I come from the days when it was recommended that you always invoked "sync" three times, before halting your machine. (I've no memory of any justification for the "three times" - I suspect it was just standard magic.)

I'm not certain, but I would imagine that selectively operating particular mounted file systems in "sync" mode would appeal to people who run multiply redundant systems, where the hot takeover is to be instantaneous. I.e. one machine crashes, and another can immediately carry on, as the critical file systems do not need ANY checks on them, since they are always structurally valid.

I.e. you take a continuous hit in efficiency to wipe out a few seconds of unavailability.

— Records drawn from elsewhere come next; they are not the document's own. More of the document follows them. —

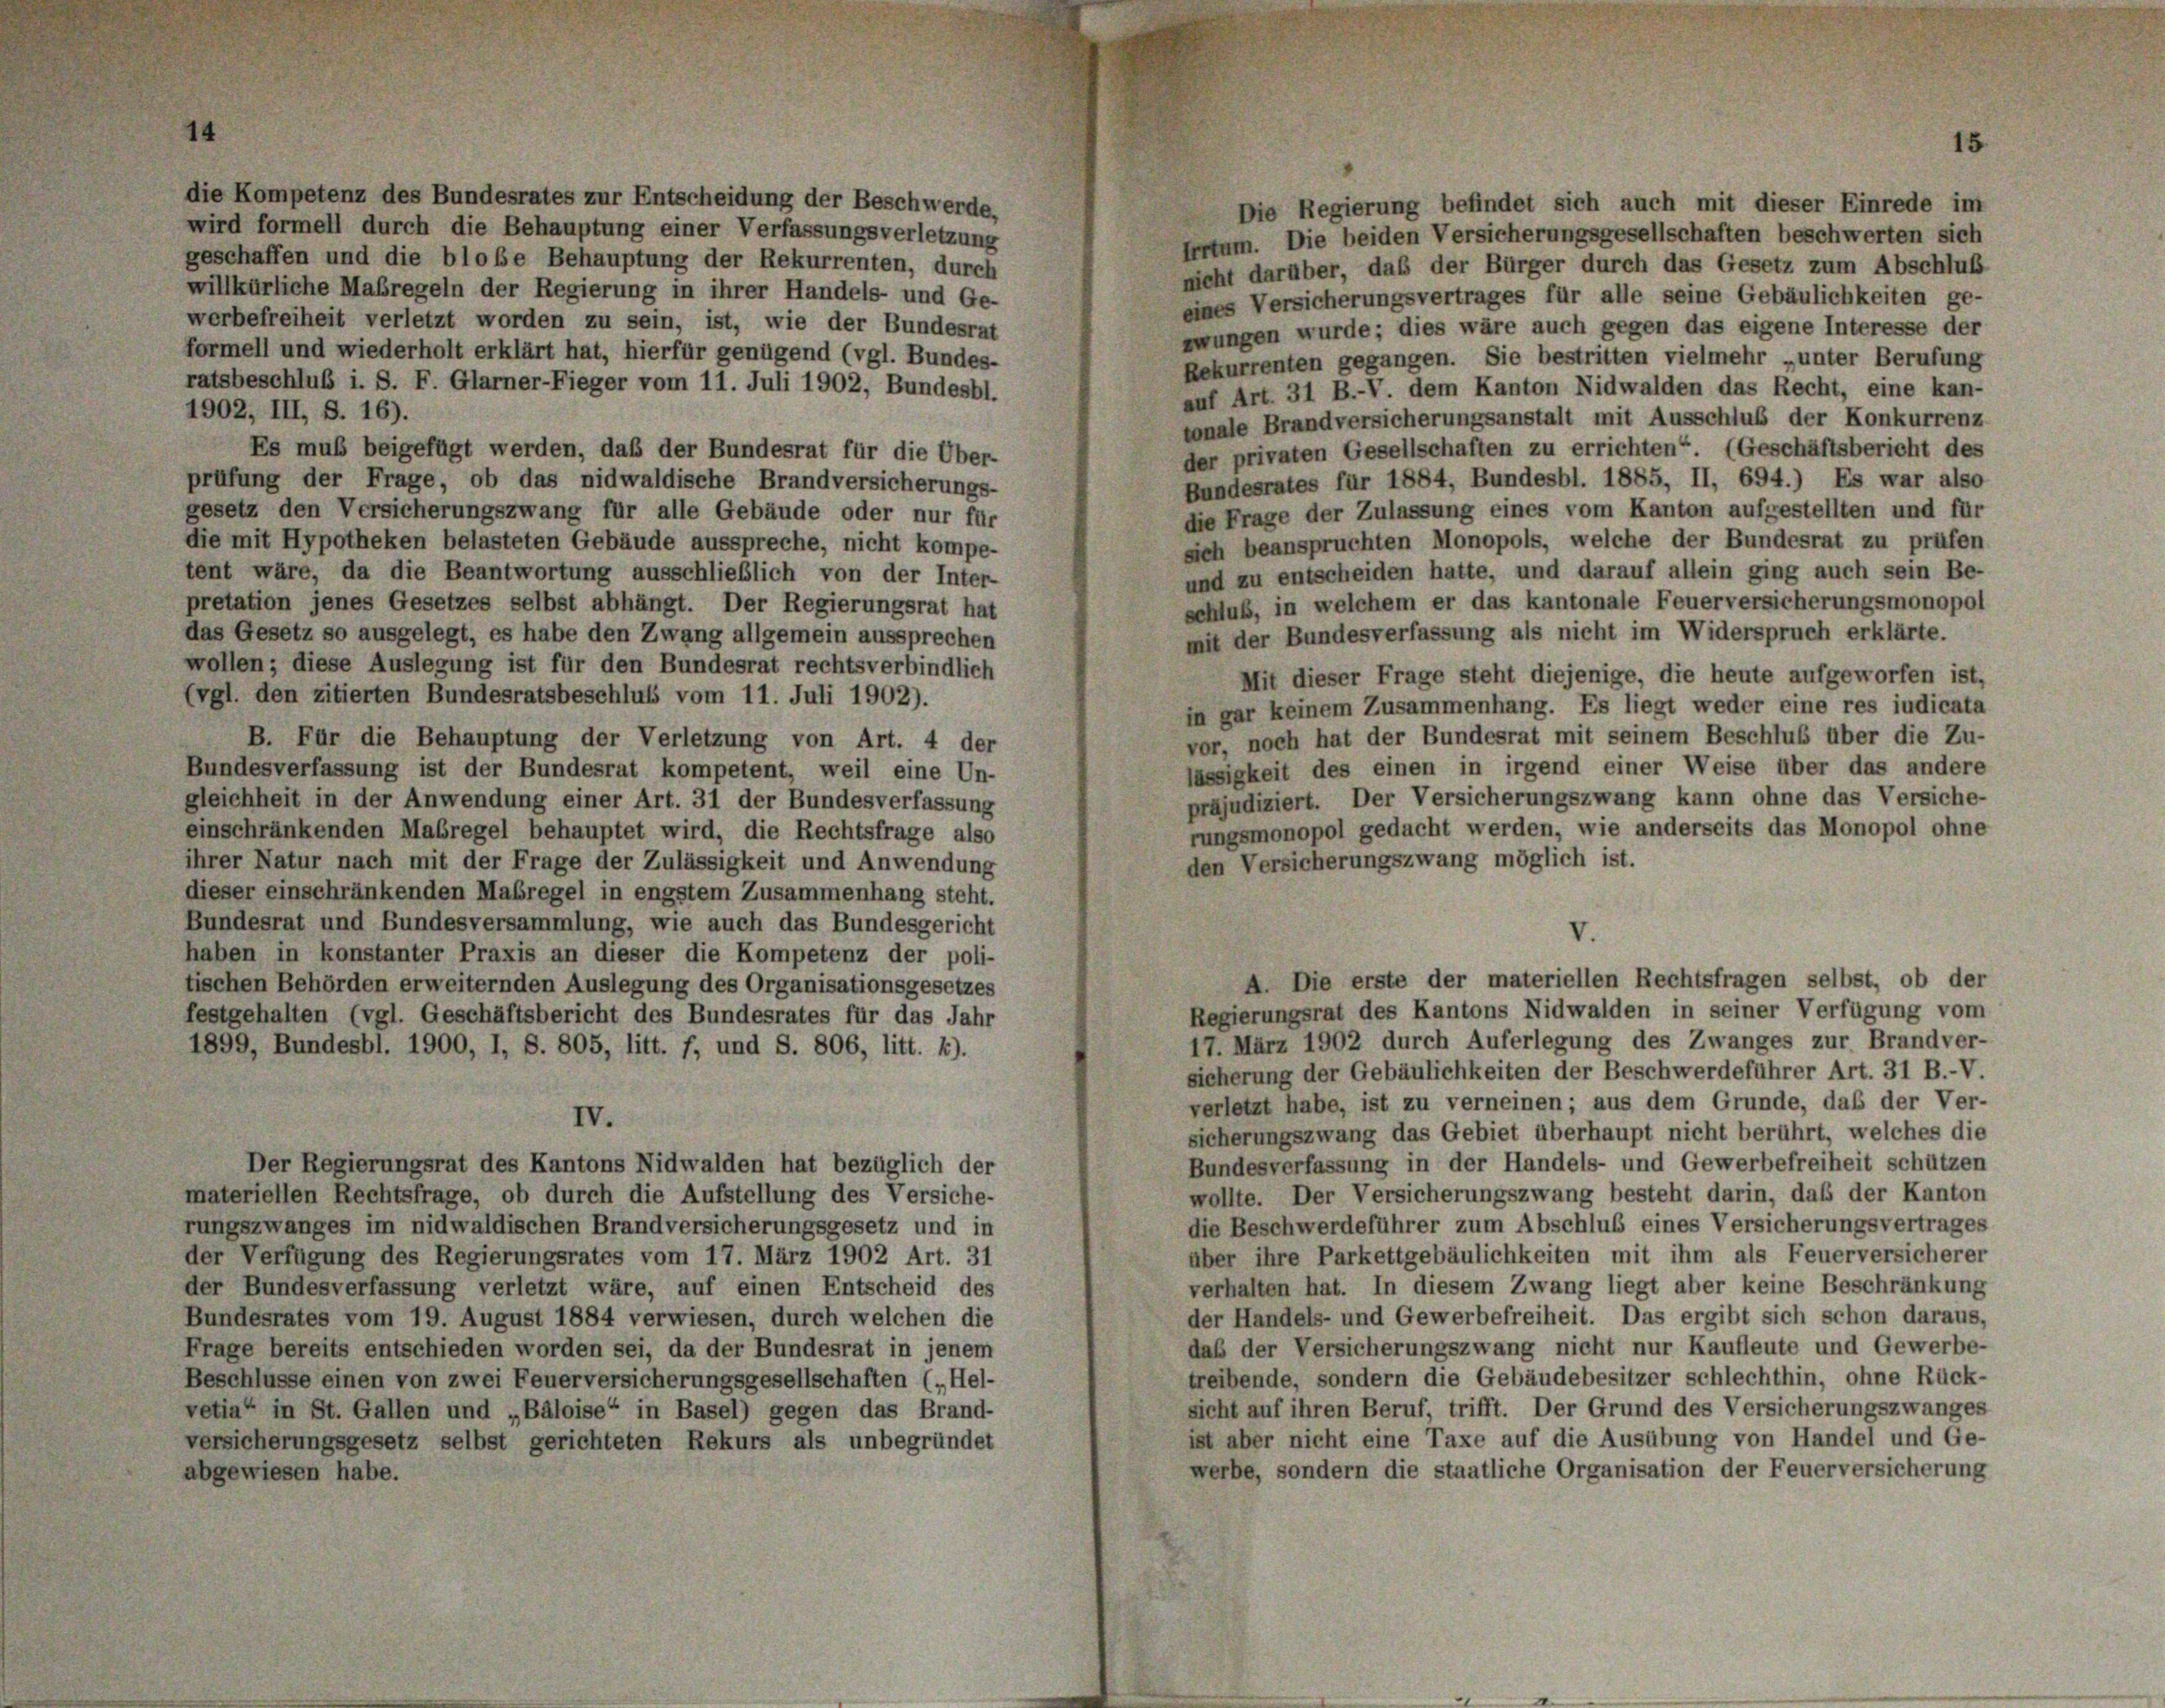
die Kompetenz des Bundesrates zur Entscheidung der Beschwerde,
Die Regierung befindet sich auch mit dieser Einrede im
wird formell durch die Behauptung einer Verfassungsverletzung
Irrtum. Die beiden Versicherungsgesellschaften beschwerten sich
geschaffen und die blobe Behauptung der Rekurrenten, durch
nicht darüber, das der Bürger durch das Gesetz zum Abschluß
willkürliche Maßregeln der Regierung in ihrer Handels- und Ge-
eines Versicherungsvertrages für alle seine Gebäulichkeiten ge-
werbefreiheit verletzt worden zu sein, ist, wie der Bundesrat
zwungen wurde; dies wäre auch gegen das eigene Interesse der
formell und wiederholt erklärt hat, hierfür genügend (vgl. Bundes-
Rekurrenten gegangen. Sie bestritten vielmehr „unter Berufung
ratsbeschluß i. S. F. Glarner-Fieger vom 11. Juli 1902, Bundesbl.
auf Art. 31 B.-V. dem Kanton Nidwalden das Recht, eine kan-
1902, III, S. 16).
tonale Brandversicherungsanstalt mit Ausschluß der Konkurrenz
der privaten Gesellschaften zu errichten“. (Geschäftsbericht des
Es muß beigefügt werden, daß der Bundesrat für die Über-
Bundesrates für 1884, Bundesbl. 1885, II, 694.) Es war also
prüfung der Frage, ob das nidwaldische Brandversicherungs-
gesetz den Versicherungszwang für alle Gebäude oder nur für
die Frage der Zulassung eines vom Kanton aufgestellten und für
die mit Hypotheken belasteten Gebäude ausspreche, nicht kompe-
sich beanspruchten Monopols, welche der Bundesrat zu prüfen
und zu entscheiden hatte, und darauf allein ging auch sein Be-
tent wäre, da die Beantwortung ausschließlich von der Inter-
schluß, in welchem er das kantonale Feuerversicherungsmonopol
pretation jenes Gesetzes selbst abhängt. Der Regierungsrat hat
das Gesetz so ausgelegt, es habe den Zwang allgemein aussprechen
mit der Bundesverfassung als nicht im Widerspruch erklärte.
wollen; diese Auslegung ist für den Bundesrat rechtsverbindlich
Mit dieser Frage steht diejenige, die heute aufgeworfen ist,
(vgl. den zitierten Bundesratsbeschluß vom 11. Juli 1902).
in gar keinem Zusammenhang. Es liegt weder eine res iudicata
vor, noch hat der Bundesrat mit seinem Beschluß über die Zu-
B. Für die Behauptung der Verletzung von Art. 4 der
lässigkeit des einen in irgend einer Weise über das andere
Bundesverfassung ist der Bundesrat kompetent, weil eine Un-
präjudiziert. Der Versicherungszwang kann ohne das Versiche-
gleichheit in der Anwendung einer Art. 31 der Bundesverfassung
rungsmonopol gedacht werden, wie anderseits das Monopol ohne
einschränkenden Maßregel behauptet wird, die Rechtsfrage also
den Versicherungszwang möglich ist.
ihrer Natur nach mit der Frage der Zulässigkeit und Anwendung
dieser einschränkenden Maßregel in engstem Zusammenhang steht.
Bundesrat und Bundesversammlung, wie auch das Bundesgericht
V.
haben in konstanter Praxis an dieser die Kompetenz der poli-
A. Die erste der materiellen Rechtsfragen selbst, ob der
tischen Behörden erweiternden Auslegung des Organisationsgesetzes
Regierungsrat des Kantons Nidwalden in seiner Verfügung vom
festgehalten (vgl. Geschäftsbericht des Bundesrates für das Jahr
17. März 1902 durch Auferlegung des Zwanges zur Brandver-
1899, Bundesbl. 1900, I, S. 805, litt. f, und S. 806, litt. k).
sicherung der Gebäulichkeiten der Beschwerdeführer Art. 31 B.-V.
verletzt habe, ist zu verneinen; aus dem Grunde, daß der Ver-
IV.
sicherungszwang das Gebiet überhaupt nicht berührt, welches die
Bundesverfassung in der Handels- und Gewerbefreiheit schützen
Der Regierungsrat des Kantons Nidwalden hat bezüglich der
wollte. Der Versicherungszwang besteht darin, daß der Kanton
materiellen Rechtsfrage, ob durch die Aufstellung des Versiche-
die Beschwerdeführer zum Abschluß eines Versicherungsvertrages
rungszwanges im nidwaldischen Brandversicherungsgesetz und in
über ihre Parkettgebäulichkeiten mit ihm als Feuerversicherei
der Verfügung des Regierungsrates vom 17. März 1902 Art. 31
verhalten hat. In diesem Zwang liegt aber keine Beschränkung
der Bundesverfassung verletzt wäre, auf einen Entscheid des
der Handels- und Gewerbefreiheit. Das ergibt sich schon daraus,
Bundesrates vom 19. August 1884 verwiesen, durch welchen die
daß der Versicherungszwang nicht nur Kaufleute und Gewerbe-
Frage bereits entschieden worden sei, da der Bundesrat in jenem
treibende, sondern die Gebäudebesitzer schlechthin, ohne Rück-
Beschlüsse einen von zwei Feuerversicherungsgesellschaften („Hel-
sicht auf ihren Beruf, trifft. Der Grund des Versicherungszwanges
vetia“ in St. Gallen und „Bâloise“ in Basel) gegen das Brand-
ist aber nicht eine Taxe auf die Ausübung von Handel und Ge-
versicherungsgesetz selbst gerichteten Rekurs als unbegründet
werbe, sondern die staatliche Organisation der Feuerversicherung
abgewiesen habe.

15
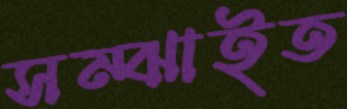
সম্‌ঝাইত
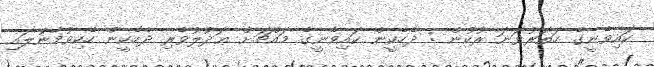
ކައިވެނީގެ ހަތަރުވަނަ ރުކުން : ދެހެކީން ކައިވެނީގެ މައްޗަށް ޢަދުލުވެރި ދެހެކީން ހެކިވުމާނުލައި
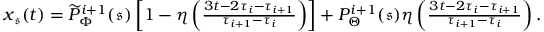
\begin{array} { r } { \boldsymbol { x } _ { \mathfrak { s } } ( t ) = \widetilde { P } _ { \Phi } ^ { i + 1 } ( \mathfrak { s } ) \left[ 1 - \eta \left( \frac { 3 t - 2 \tau _ { i } - \tau _ { i + 1 } } { \tau _ { i + 1 } - \tau _ { i } } \right) \right] + P _ { \Theta } ^ { i + 1 } ( \mathfrak { s } ) \eta \left( \frac { 3 t - 2 \tau _ { i } - \tau _ { i + 1 } } { \tau _ { i + 1 } - \tau _ { i } } \right) . } \end{array}
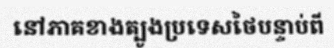
នៅភាគខាងត្បូងប្រទេសថៃបន្ទាប់ពី
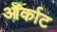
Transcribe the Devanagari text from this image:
ऑर्काट
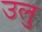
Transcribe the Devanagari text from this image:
उलु

This is the definition of "real time" - it DOESN'T mean "fast", it means something far more subtle: "subject to some time constraint that MUST NOT be exceeded".

I once had to decide between using one or other of two similar microcontrollers for a video processing task. I won't have the details right, but it was roughly as follows. The H8 was twice as fast as the PIC17. However, the H8 had an interrupt latency of one to seven cycles, whereas the PIC17 was just one or two cycles. I.e. the variability with which a timed interrupt could be serviced (edge event -> output result, in this case, a synthesised HSYNC) was 6 cycles on the H8, versus a single cycle on the PIC17. Although the H8 was twice as fast, its "jitter" effect was three times worse. This was way outside our acceptable range, so the H8 was dead in the water. Double the overall speed, but incapable of real time (for this, or indeed any, application that could not tolerate jitter).

Hm. I suppose we could drift back on topic, sometime soon?